I am trying to make a cross-platform library using rust for ios target. I am following this article (Building and Deploying a Rust library on iOS) . *Note: I followed the same steps and my project structure also looks the same *
After completing the code and project setup the last step is to build the library. When I try to build the library using cargo lipo --release
. It throws this error:
[ERROR cargo_lipo] No library target found for "my-project-name"
Also, note that I am only able to install support for two platforms . ( aarch64-apple-ios
and x86_64-apple-darwin
). I think the reason is that they have dropped the support for 32-bit architectures .
So, when I run rustup target add aarch64-apple-ios armv7-apple-ios armv7s-apple-ios x86_64-apple-ios i386-apple-ios
.
It throws error: error: component 'rust-std' for target 'armv7-apple-ios' is unavailable for download for channel stable
Cargo.toml
[package]
name = "rustylib"
version = "0.1.0"
edition = "2018"
crate-type = ["staticlib", "cdylib"]
rustylib.rs
#include <stdarg.h>
#include <stdbool.h>
#include <stdint.h>
#include <stdlib.h>
char *hello(const char *to);
void hello_release(char *s);
The rest of the project structure is the usual rust code.
rustup
showDefault host: x86_64-apple-darwin rustup home: /Users/my-username/.rustup
stable-x86_64-apple-darwin
nightly-x86_64-apple-darwin (default)
aarch64-apple-ios
x86_64-apple-darwin
nightly-x86_64-apple-darwin (default)
rustc 1.52.0-nightly (acca81892 2021-03-13)
Rust: rustc 1.50.0 (cb75ad5db 2021-02-10)
OS: macOS Bug Sur (11.2.3)
Xcode & Command line tools: 12.4
Your Cargo.toml is wrong.
If you look into the guide you linked in your question, you can see, that the crate-type
has to be below the [lib]
tag like so:
[package]
name = "greetings"
version = "0.1.1"
authors = ["fluffyemily <fluffyemily@mozilla.com>"]

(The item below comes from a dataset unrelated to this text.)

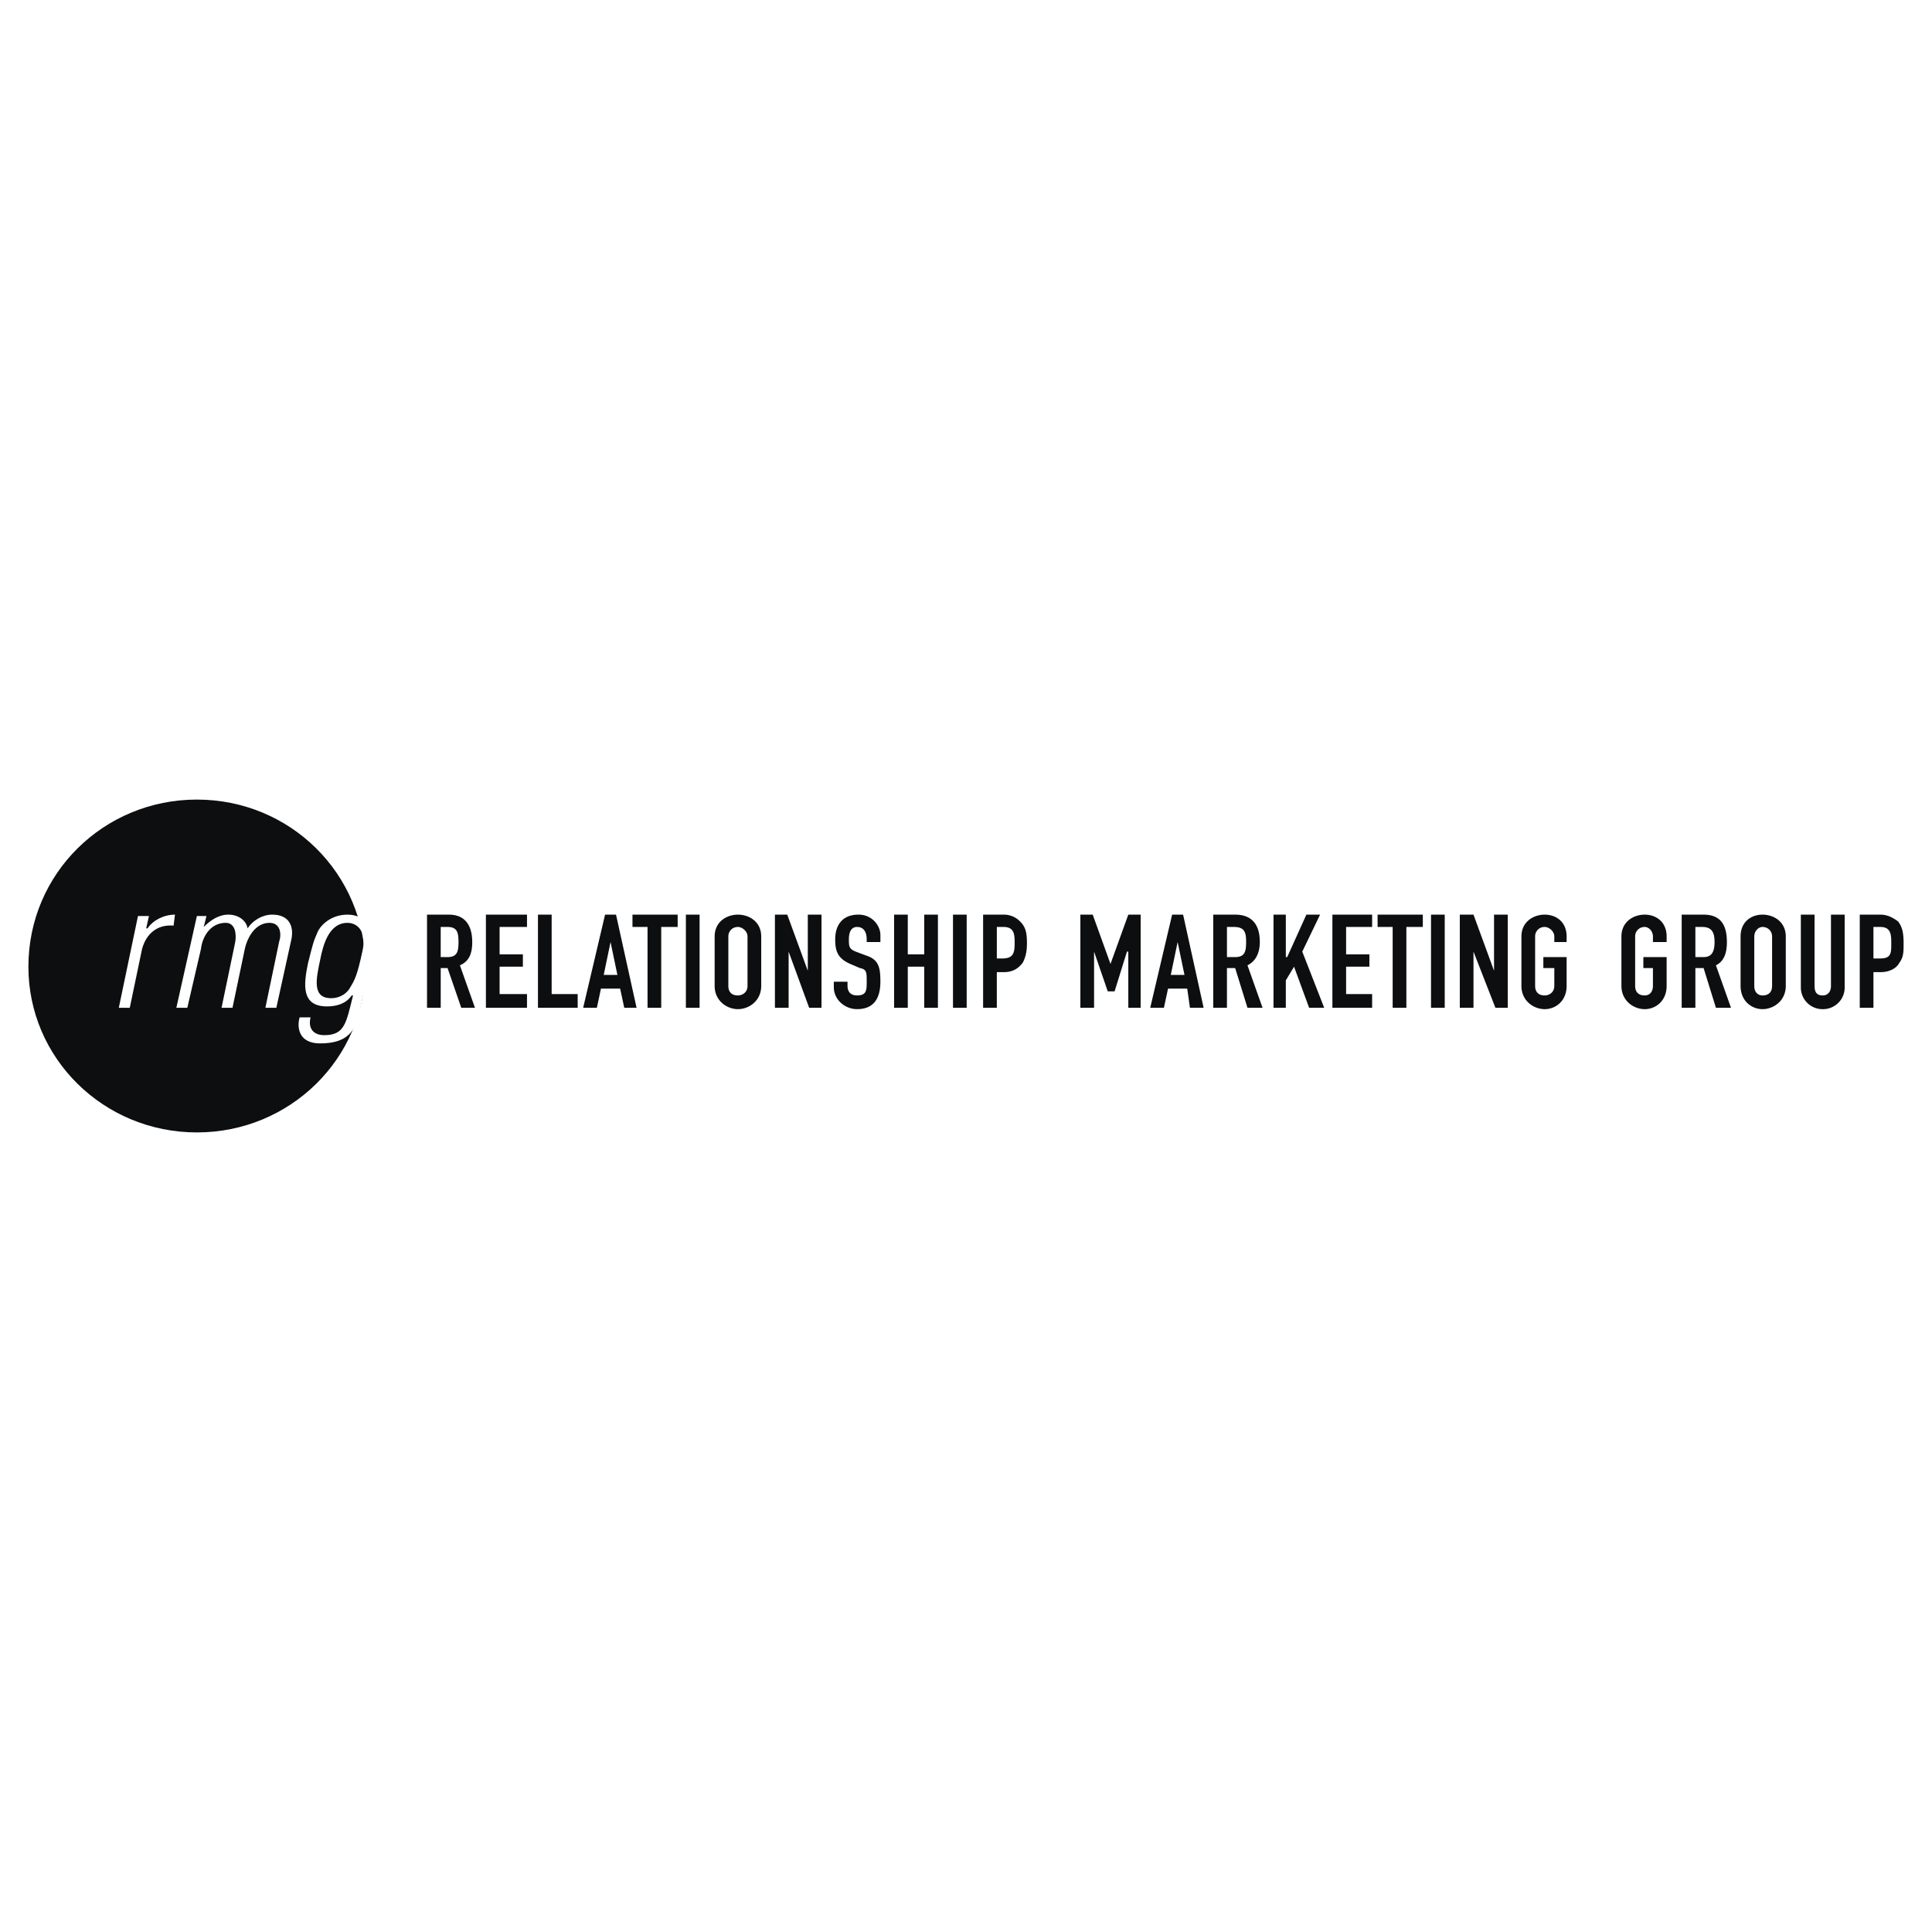 <svg xmlns="http://www.w3.org/2000/svg" width="2500" height="2500" viewBox="0 0 192.756 192.756"><g fill-rule="evenodd" clip-rule="evenodd"><path fill="#fff" d="M0 0h192.756v192.756H0V0z"/><path d="M19.644 112.982c9.292 0 16.809-7.381 16.809-16.536 0-9.292-7.517-16.672-16.809-16.672-9.293 0-16.81 7.38-16.81 16.672 0 9.156 7.517 16.536 16.81 16.536z" fill="#0c0e0f"/><path d="M14.587 92.62h.137c.546-.82 1.64-1.366 2.733-1.366l-.137 1.093c-1.64-.137-2.733.82-3.144 2.323l-1.229 5.877h-1.094l1.913-9.157h1.094l-.273 1.23zM18.687 100.547h-1.093l2.05-9.157h.956l-.273 1.093c.683-.684 1.503-1.23 2.459-1.23.957 0 1.777.546 1.914 1.366.546-.82 1.503-1.366 2.459-1.366 1.641 0 2.187 1.093 1.914 2.459l-1.503 6.834h-1.093l1.366-6.56c.273-.82.137-1.914-.957-1.914-1.367 0-2.187 1.367-2.46 2.596l-1.23 5.877h-1.093l1.366-6.56c.137-.82 0-1.914-.957-1.914-1.503 0-2.323 1.367-2.46 2.596l-1.365 5.88zM34.676 92.073c.957 0 1.914.82 1.503 2.733-.546 2.596-.819 3.006-1.229 3.69-.273.547-.957 1.094-1.913 1.094-1.914 0-1.503-1.914-1.094-3.827.273-1.367.82-3.69 2.733-3.69zm2.05.547v-.136c-.273-.82-1.093-1.23-2.05-1.23-1.913 0-2.87 1.366-3.006 1.776-.41.957-.41.957-.957 3.143-.41 2.05-.684 4.237 1.913 4.237.957 0 1.913-.273 2.46-1.094h.137c-.684 2.732-.82 3.963-2.87 3.963-1.093 0-1.64-.684-1.367-1.777h-1.093c-.274.957-.137 2.598 2.049 2.598 2.733 0 3.554-1.23 3.963-3.279l1.64-7.654c.136-.41.273-.82.41-1.776H37l-.274 1.229z" fill="#fff"/><path d="M43.969 92.483h.683c.957 0 1.093.546 1.093 1.503 0 .956-.137 1.503-1.093 1.503h-.683v-3.006zm-1.366 8.064h1.367v-3.964h.683l1.367 3.964h1.367l-1.503-4.237c.957-.41 1.23-1.23 1.23-2.323 0-1.777-.82-2.733-2.323-2.733h-2.187v9.293h-.001zM48.479 91.253h4.1v1.23h-2.733v2.733h2.322v1.23h-2.322v2.734h2.733v1.367h-4.1v-9.294zM53.672 91.253h1.367v7.927h2.596v1.367h-3.963v-9.294zM61.598 97.266h-1.366l.683-3.279.683 3.279zm-3.416 3.281h1.367l.41-1.914h1.913l.41 1.914h1.229l-2.05-9.293h-1.093l-2.186 9.293zM64.605 92.483h-1.503v-1.23h4.509v1.23h-1.64v8.064h-1.366v-8.064zM68.431 91.253h1.367v9.294h-1.367v-9.294zM72.667 93.44c0-.547.41-.957.957-.957.41 0 .956.41.956.957v4.919c0 .684-.546.957-.956.957-.547 0-.957-.273-.957-.957V93.44zm-1.366 4.919c0 1.504 1.229 2.324 2.323 2.324 1.093 0 2.323-.82 2.323-2.324V93.44c0-1.503-1.229-2.187-2.323-2.187-1.094 0-2.323.683-2.323 2.187v4.919zM77.314 91.253h1.23l2.05 5.602v-5.602h1.366v9.294h-1.23l-2.049-5.604v5.604h-1.367v-9.294zM87.837 93.987H86.47v-.274c0-.683-.273-1.229-.957-1.229s-.82.683-.82 1.229c0 .684 0 .957.683 1.23l1.093.41c1.23.41 1.367 1.23 1.367 2.596 0 1.504-.547 2.734-2.323 2.734-1.23 0-2.323-.957-2.323-2.188v-.547h1.367v.41c0 .547.273.957.957.957.957 0 .957-.547.957-1.367 0-.957 0-1.229-.683-1.366l-.957-.41c-1.23-.546-1.503-1.23-1.503-2.46 0-1.367.683-2.459 2.323-2.459 1.367 0 2.187 1.093 2.187 2.05v.684h-.001zM89.204 91.253h1.366v3.963h1.64v-3.963h1.367v9.294H92.21v-4.101h-1.64v4.101h-1.366v-9.294zM95.08 91.253h1.366v9.294H95.08v-9.294zM99.453 92.483h.684c1.094 0 1.094.82 1.094 1.64 0 .957-.137 1.503-1.23 1.503h-.547v-3.143h-.001zm-1.367 8.064h1.367v-3.555h.684c.957 0 1.502-.409 1.912-.956.273-.546.41-1.093.41-1.913 0-1.093-.137-1.64-.684-2.187a2.256 2.256 0 0 0-1.639-.683h-2.051v9.294h.001zM107.789 91.253h1.231l1.775 4.92 1.777-4.92h1.231v9.294h-1.231v-5.604h-.136l-1.231 3.963h-.684l-1.365-3.963v5.604h-1.367v-9.294zM118.176 97.266h-1.367l.684-3.279.683 3.279zm-3.418 3.281h1.367l.41-1.914h1.914l.273 1.914h1.365l-2.049-9.293h-1.094l-2.186 9.293zM122.412 92.483h.684c1.092 0 1.229.546 1.229 1.503 0 .956-.137 1.503-1.092 1.503h-.82v-3.006h-.001zm-1.367 8.064h1.367v-3.964h.82l1.229 3.964h1.504l-1.504-4.237c.82-.41 1.23-1.23 1.23-2.323 0-1.777-.82-2.733-2.459-2.733h-2.188v9.293h.001zM127.059 91.253h1.228v4.237h.137l1.914-4.237h1.367l-1.777 3.69 2.187 5.604h-1.504l-1.504-4.101-.82 1.366v2.735h-1.228v-9.294zM132.934 91.253h3.964v1.23h-2.597v2.733h2.324v1.23h-2.324v2.734h2.597v1.367h-3.964v-9.294zM138.947 92.483h-1.504v-1.23h4.512v1.23h-1.641v8.064h-1.367v-8.064zM142.773 91.253h1.368v9.294h-1.368v-9.294zM145.645 91.253h1.365l2.051 5.602v-5.602h1.367v9.294h-1.231l-2.187-5.604v5.604h-1.365v-9.294zM151.793 93.44c0-1.503 1.23-2.187 2.324-2.187s2.186.683 2.186 2.187v.547h-1.229v-.547c0-.547-.547-.957-.957-.957a.934.934 0 0 0-.957.957v4.919c0 .684.41.957.957.957.41 0 .957-.273.957-.957v-1.776h-1.094V95.49h2.322v2.87c0 1.504-1.092 2.324-2.186 2.324s-2.324-.82-2.324-2.324v-4.92h.001zM161.77 93.44c0-1.503 1.23-2.187 2.322-2.187 1.094 0 2.188.683 2.188 2.187v.547h-1.367v-.547c0-.547-.41-.957-.82-.957a.934.934 0 0 0-.955.957v4.919c0 .684.41.957.955.957.41 0 .82-.273.82-.957v-1.776h-.955V95.49h2.322v2.87c0 1.504-1.094 2.324-2.188 2.324-1.092 0-2.322-.82-2.322-2.324v-4.92zM169.148 92.483h.684c.957 0 1.23.546 1.23 1.503 0 .956-.273 1.503-1.094 1.503h-.82v-3.006zm-1.365 8.064h1.365v-3.964h.82l1.23 3.964h1.504l-1.504-4.237c.82-.41 1.094-1.23 1.094-2.323 0-1.777-.684-2.733-2.324-2.733h-2.186v9.293h.001zM175.025 93.44c0-.547.41-.957.82-.957.547 0 .957.41.957.957v4.919c0 .684-.41.957-.957.957-.41 0-.82-.273-.82-.957V93.44zm-1.367 4.919c0 1.504 1.094 2.324 2.188 2.324s2.322-.82 2.322-2.324V93.44c0-1.503-1.229-2.187-2.322-2.187s-2.188.683-2.188 2.187v4.919zM184.045 98.496a2.16 2.16 0 0 1-2.186 2.188 2.16 2.16 0 0 1-2.188-2.188v-7.243h1.367v7.106c0 .684.273.957.82.957.408 0 .818-.273.818-.957v-7.106h1.367v7.243h.002zM186.914 92.483h.684c1.094 0 1.094.82 1.094 1.64 0 .957 0 1.503-1.094 1.503h-.684v-3.143zm-1.365 8.064h1.365v-3.555h.684c.957 0 1.641-.409 1.914-.956.41-.546.41-1.093.41-1.913 0-1.093-.137-1.64-.547-2.187-.547-.41-1.094-.683-1.777-.683h-2.049v9.294z" fill="#0c0e0f"/></g></svg>

description = "Example static library project built for iOS"
publish = false
[lib]
name = "greetings"
crate-type = ["staticlib", "cdylib"]
Also your code has to be in cargo/src/lib.rs
by default as stated in the document (and not in rustylib.rs
).
You can run cargo new rustylib --lib
from the command line to create all the boilerplate, so that you only have to add the dependencies and the crate-type
in the [lib]
section of your Cargo.toml
.
I think there is another problem: You have entered C code in your rustylib.rs
file, which can not work. I think what you intended to do, was to create the C bridge , which is called cargo/src/greetings.h
in the guide you linked.
The technical post webpages of this site follow the CC BY-SA 4.0 protocol. If you need to reprint, please indicate the site URL or the original address.Any question please contact:yoyou2525@163.com.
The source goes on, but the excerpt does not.